WHEN IS LAPAROSCOPY OR HYSTEROSCOPY DONE IN INFERTILITY INVESTIGATION? IS IT NEEDED MORE THAN ONCE IN INFERTILE COUPLES?
In infertile couples, women are evaluated by doing gynecological examination, transvaginal ultrasonography and blood hormone tests.
Gynecological examination and transvaginal ultrasonography might reveal congenital or acquired uterine anomalies, obstructed tubes or endometriotic cysts (chocolate cyst disease). Structural uterine anomalies might lead to miscarriages, premature birth and difficulty in getting pregnant.
Therefore, in case of suspicion on ultrasound, it is possible to look inside the uterus with an endoscopic procedure and to correct the problem at the same time. This procedure is named as hysteroscopy.

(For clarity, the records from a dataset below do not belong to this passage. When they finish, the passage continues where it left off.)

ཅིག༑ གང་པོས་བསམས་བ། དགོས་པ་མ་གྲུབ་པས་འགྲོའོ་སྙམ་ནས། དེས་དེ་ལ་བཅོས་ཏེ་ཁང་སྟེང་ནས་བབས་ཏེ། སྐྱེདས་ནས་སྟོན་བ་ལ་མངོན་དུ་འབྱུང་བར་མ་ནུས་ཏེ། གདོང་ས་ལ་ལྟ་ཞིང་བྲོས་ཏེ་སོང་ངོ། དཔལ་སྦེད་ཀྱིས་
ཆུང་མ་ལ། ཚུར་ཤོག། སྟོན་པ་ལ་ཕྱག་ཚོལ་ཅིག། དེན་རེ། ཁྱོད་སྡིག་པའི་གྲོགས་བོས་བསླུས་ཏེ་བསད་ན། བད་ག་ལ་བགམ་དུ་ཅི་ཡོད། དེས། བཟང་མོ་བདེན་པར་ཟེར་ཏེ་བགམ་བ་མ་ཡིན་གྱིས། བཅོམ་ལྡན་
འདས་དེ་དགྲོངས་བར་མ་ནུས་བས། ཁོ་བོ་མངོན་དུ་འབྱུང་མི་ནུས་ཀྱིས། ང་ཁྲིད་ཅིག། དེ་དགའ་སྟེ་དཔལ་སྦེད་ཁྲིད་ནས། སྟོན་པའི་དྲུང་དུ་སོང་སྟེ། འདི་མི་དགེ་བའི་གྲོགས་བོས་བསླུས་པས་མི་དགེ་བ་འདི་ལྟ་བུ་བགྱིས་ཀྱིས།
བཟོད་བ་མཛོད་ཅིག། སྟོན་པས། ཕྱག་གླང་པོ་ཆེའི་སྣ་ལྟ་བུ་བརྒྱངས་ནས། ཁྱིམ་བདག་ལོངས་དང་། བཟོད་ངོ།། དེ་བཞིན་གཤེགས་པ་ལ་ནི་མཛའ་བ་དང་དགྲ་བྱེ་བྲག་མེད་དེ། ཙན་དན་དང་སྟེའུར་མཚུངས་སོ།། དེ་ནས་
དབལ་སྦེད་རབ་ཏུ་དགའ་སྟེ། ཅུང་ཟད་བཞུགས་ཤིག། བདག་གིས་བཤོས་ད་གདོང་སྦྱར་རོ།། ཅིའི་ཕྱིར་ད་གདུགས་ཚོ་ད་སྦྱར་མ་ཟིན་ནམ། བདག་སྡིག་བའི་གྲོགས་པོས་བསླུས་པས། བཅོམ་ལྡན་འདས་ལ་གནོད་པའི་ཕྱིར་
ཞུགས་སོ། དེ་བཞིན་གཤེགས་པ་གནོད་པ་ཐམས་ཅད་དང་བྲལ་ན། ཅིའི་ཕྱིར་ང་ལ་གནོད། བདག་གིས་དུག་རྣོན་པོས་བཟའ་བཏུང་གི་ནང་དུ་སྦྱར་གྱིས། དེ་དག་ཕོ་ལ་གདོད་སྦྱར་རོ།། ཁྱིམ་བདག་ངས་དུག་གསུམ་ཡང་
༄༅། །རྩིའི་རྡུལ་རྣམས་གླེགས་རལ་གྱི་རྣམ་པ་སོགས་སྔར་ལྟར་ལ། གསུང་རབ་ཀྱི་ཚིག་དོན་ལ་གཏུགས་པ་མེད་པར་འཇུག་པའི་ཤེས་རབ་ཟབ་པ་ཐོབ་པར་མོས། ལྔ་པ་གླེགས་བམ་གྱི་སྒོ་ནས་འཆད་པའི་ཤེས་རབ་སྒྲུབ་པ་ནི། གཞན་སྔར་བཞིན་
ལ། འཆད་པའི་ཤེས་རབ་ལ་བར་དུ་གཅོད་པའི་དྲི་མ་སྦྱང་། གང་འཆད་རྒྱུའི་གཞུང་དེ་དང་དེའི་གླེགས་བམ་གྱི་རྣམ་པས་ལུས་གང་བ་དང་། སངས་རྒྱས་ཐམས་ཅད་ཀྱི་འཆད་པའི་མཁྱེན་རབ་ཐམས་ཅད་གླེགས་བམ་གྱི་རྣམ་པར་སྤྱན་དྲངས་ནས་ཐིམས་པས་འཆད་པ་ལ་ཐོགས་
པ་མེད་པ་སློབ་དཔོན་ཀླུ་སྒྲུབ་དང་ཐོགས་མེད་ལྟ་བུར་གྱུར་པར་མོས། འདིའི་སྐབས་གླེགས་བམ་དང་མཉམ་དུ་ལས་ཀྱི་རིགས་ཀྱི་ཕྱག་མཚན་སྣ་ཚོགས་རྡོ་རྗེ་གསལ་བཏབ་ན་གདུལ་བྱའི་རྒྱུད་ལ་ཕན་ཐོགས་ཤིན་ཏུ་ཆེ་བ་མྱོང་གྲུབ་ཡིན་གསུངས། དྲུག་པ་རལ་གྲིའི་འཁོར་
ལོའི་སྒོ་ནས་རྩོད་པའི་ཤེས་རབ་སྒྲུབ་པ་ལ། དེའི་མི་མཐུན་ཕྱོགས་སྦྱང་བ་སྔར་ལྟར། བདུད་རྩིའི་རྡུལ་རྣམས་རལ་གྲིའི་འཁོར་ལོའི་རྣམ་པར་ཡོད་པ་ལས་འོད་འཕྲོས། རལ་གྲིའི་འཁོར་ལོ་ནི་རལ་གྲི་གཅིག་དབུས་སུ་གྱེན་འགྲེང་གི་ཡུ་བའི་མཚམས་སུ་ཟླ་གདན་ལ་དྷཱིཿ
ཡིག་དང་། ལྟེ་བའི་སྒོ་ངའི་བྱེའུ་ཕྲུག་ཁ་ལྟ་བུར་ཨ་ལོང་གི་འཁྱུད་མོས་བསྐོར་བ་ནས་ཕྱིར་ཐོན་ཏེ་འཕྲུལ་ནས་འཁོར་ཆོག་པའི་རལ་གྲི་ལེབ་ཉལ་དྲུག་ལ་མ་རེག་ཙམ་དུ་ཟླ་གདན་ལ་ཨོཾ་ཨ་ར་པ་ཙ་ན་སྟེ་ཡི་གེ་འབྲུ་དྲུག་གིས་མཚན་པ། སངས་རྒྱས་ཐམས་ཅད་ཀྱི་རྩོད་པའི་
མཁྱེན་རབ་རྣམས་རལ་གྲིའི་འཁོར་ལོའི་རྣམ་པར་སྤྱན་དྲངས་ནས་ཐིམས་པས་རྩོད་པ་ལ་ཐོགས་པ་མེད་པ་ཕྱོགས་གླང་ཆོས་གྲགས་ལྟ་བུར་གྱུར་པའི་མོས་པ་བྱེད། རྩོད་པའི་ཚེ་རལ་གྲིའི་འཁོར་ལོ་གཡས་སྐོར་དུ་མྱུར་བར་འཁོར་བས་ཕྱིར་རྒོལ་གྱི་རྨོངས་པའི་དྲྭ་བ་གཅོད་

Hysteroscopy is a daily surgical procedure. That is, it does not require hospitalization and patients can go home on the same day. Generally, the procedure is completed within 15-30 minutes although it varies according to the extent of the problem in the uterus. It might be performed under anesthesia, however, in some cases it can be done without anesthesia.
Uterine anomalies are variable. Uterine septum, T-shaped uterus, intrauterine adhesions, uterine fibroids and polyps are the most commonly seen uterine anomalies. Intrauterine septum may require hysteroscopic procedure more than once. Sometimes this septum is broad-based and complete resection might be impossible in a single session, or it may be necessary to see the uterine cavity again with hysteroscopy 1-2 months after the procedure and look for any residue or adhesion. Sometimes the cavitary myoma might be large, hysteroscopy may be needed more than once. Again after the removal of these large fibroids located within the uterine cavity, intrauterine adhesion may ocur. It is advised to look inside the uterus 1-2 months after the procedure with hysteroscopy again. On the other hand, endometrial polyps are soft, even if they are large, one hysteroscopic procedure is enough to remove them completely. Intrauterine adhesions are the uterine problems which may require hysteroscopy more than once. Sometimes very small amounts of adhesions are seen during hysteroscopy and removed in 5 minutes, however, in some other cases there may be widespread adhesions in the uterus and just one hysteroscopy may not be enough to remove all the adhesions and more than one hysteroscopy may be needed. In T-shape uterus cases, which is frequently expressed recently, it may be necessary to enlarge the uterine cavity sometimes in more than one hysteroscopy. Between hysteroscopic procedures, the uterus is evalauted with uterine film (HSG) or 3D sonography and decision to do another hysteroscopy is done accordingly. Ultrasonography and uterine film (HSG) are the most frequently used methods in the diagnosis of uterine problems. Endometrium thickness measured on menstrual cycle day 10-14 gives us valuable information about uterine cavity and adhesions. Again, it is possible to see the uterine cavity precisely with 3D ultrasonography.
In women who are suspected to have tubal pathology, ovarian cysts, endometriosis (chocolate cyst disease) or intraabdominal adhesions, laparoscopic surgery might be done to both diagnose and sometimes correct the pathology. In severe endometriosis cases more than one laparoscopic procedure might be needed. Laparoscopic surgery is successfully performed in tubal or ovarian pathologies in experienced hands. Similar to hysteroscopy, laparoscopy also does not require hospitalization or in severe cases just one night stay is enough.
Endoscopic procedures such as hysteroscopy and laparoscopy are performed successfully in gynecology. These operations might be needed to be done multiple times from time to time depending on the extend of the pathology. Optimal outcome and pregnancy can be achieved following those endoscopic procedures provided thorough evaluation of the woman is done prior to the procedure.